**Work request:** Everything in the entries below except the pictures must be returned exactly.

**Source information:**
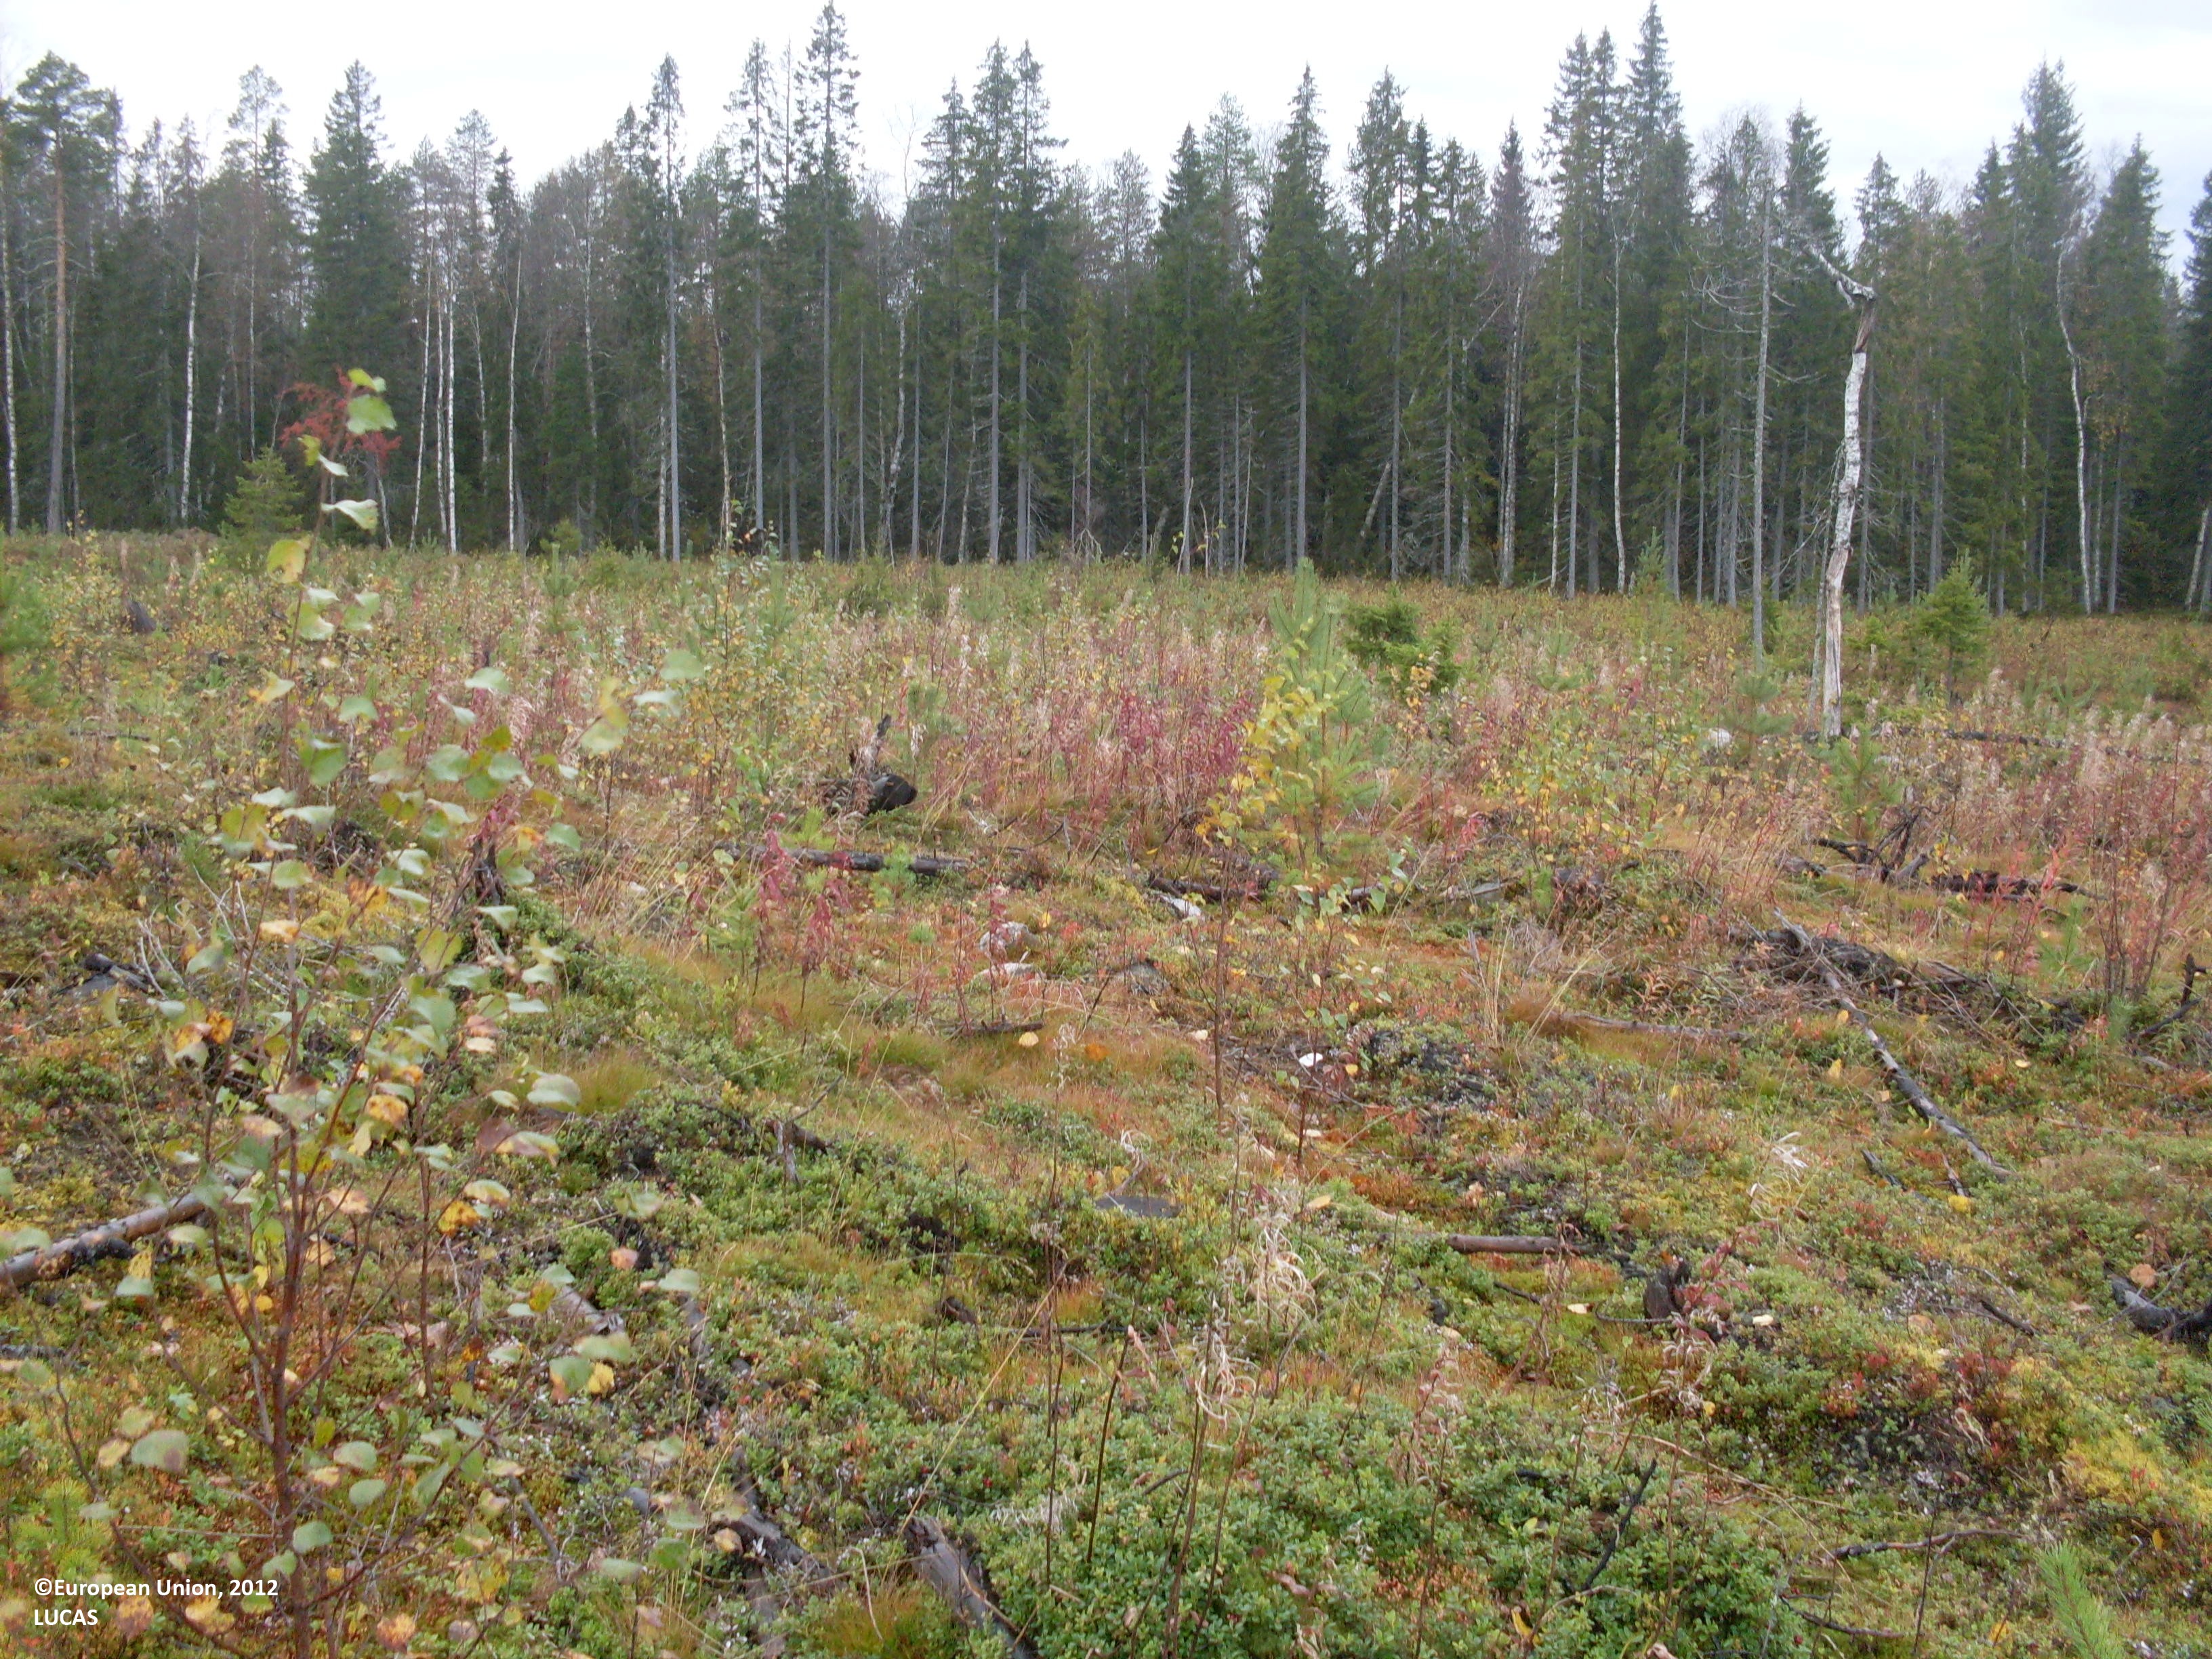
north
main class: Shrubland
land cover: Shrubland with sparse tree cover
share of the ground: 25 - 50 %
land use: Forestry
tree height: < 5 m
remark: Clear cut
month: September
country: FI
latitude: 64.4866
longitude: 28.6813

**The completed task:**
north
main class: Shrubland
land cover: Shrubland with sparse tree cover
share of the ground: 25 - 50 %
land use: Forestry
tree height: < 5 m
remark: Clear cut
month: September
country: FI
latitude: 64.4866
longitude: 28.6813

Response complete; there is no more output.